Durante la manifestazione non sono mancate ironie e slogan contro il neo governo M5S-Lega. Numerosi gli striscioni: “E’ venuto meglio Pinocchio con una sega che questo governo con la Lega”, recita uno. “Se Salvini e Di Maio possono amarsi, perché noi no?”; e ancora: “Noi esistiamo e non siamo delle schifezze”, recitava un altro, sotto la foto del neo ministro Fontana.
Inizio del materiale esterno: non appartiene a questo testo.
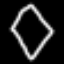
Label: diamond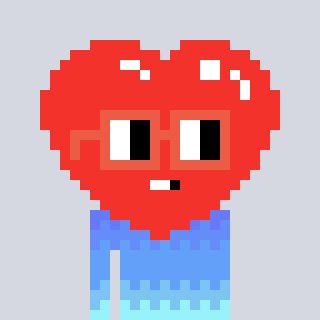
a pixel art character with square orange glasses, a heart-shaped head and a peachy-colored body on a cool background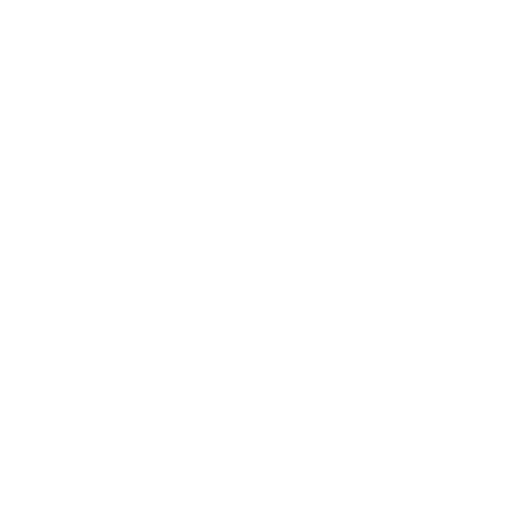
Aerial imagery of mountain in Nevada named Alice Point containing only shrub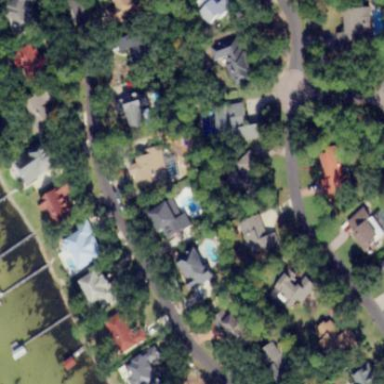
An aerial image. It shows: Residential area composed of single-family homes.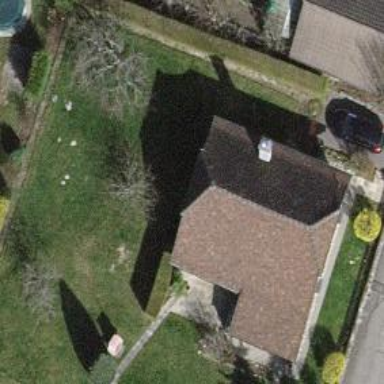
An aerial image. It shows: Simple house.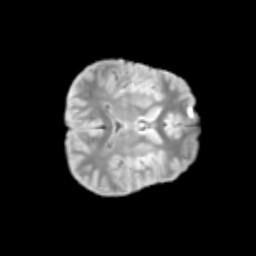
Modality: T2w
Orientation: axial
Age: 12
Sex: female
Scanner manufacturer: siemens
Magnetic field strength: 3 T
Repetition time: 3.8 s
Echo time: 0.07 s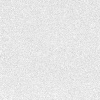
Atmospheric dust classification: dusty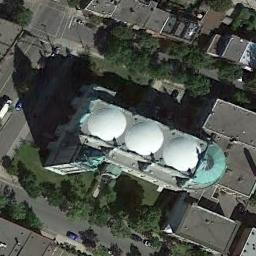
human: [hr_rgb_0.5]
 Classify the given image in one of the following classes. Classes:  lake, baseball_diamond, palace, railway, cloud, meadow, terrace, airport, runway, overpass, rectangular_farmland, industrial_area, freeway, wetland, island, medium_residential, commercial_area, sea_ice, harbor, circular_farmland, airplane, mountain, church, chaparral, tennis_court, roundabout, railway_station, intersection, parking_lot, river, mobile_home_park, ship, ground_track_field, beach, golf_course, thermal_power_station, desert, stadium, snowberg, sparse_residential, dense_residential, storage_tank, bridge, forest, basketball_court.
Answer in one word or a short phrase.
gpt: church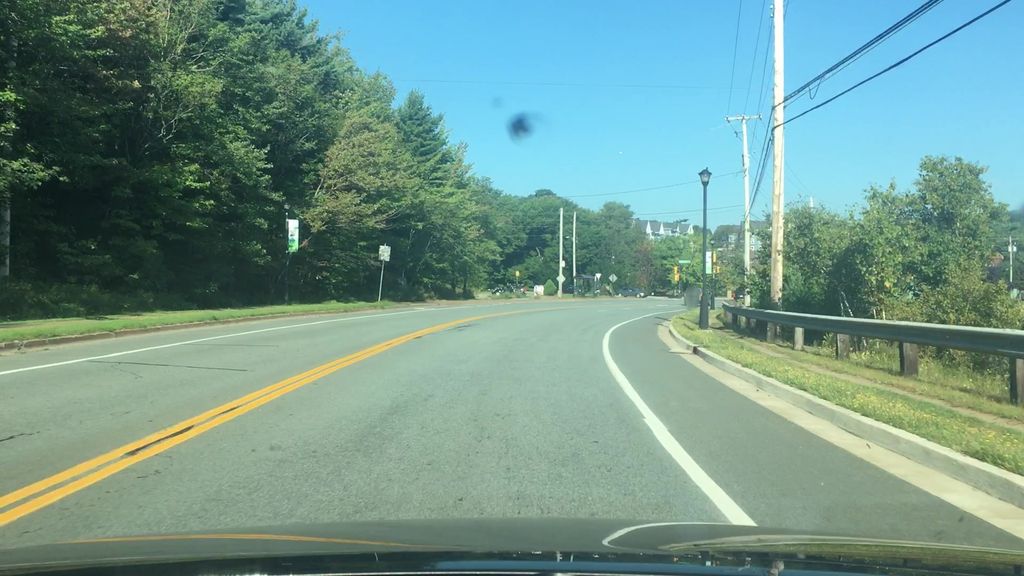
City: halifax

E non è mancata nemmeno la bambola gonfiabile con la faccia del ministro degli Interni e leader della Lega, Matteo Salvini.

I sindaci del nostro territorio

Presenti alla parata anche il sindaco di Inveruno, Sara Bettinelli, il primo cittadino di Corbetta, Marco Ballarini, il vicesindaco di Arluno, Igor Bonazzoli; presente anche il capogruppo Pd a Magenta, Enzo Salvaggio (la ‘Città della Battaglia’ non ha dato il patrocinio all’evento, motivo per cui mercoledì scorso, 27 giugno, fuori dal consiglio comunale, Sergio Prato, attivista e presidente dell’associazione ‘Le Rose di Gertrude’, ha inscenato una protesta contro il sindaco di centrodestra Chiara Calati). Al termine della sfilata ha preso il microfono il sindaco di Milano, Beppe Sala: “Chi crede in questi valori – ha detto – deve esserci tutto l’anno. E’ giusto sponsorizzare giornate come queste ed è giusto esserci, ma dobbiamo trovare una formula perché ci sia condivisione sempre”.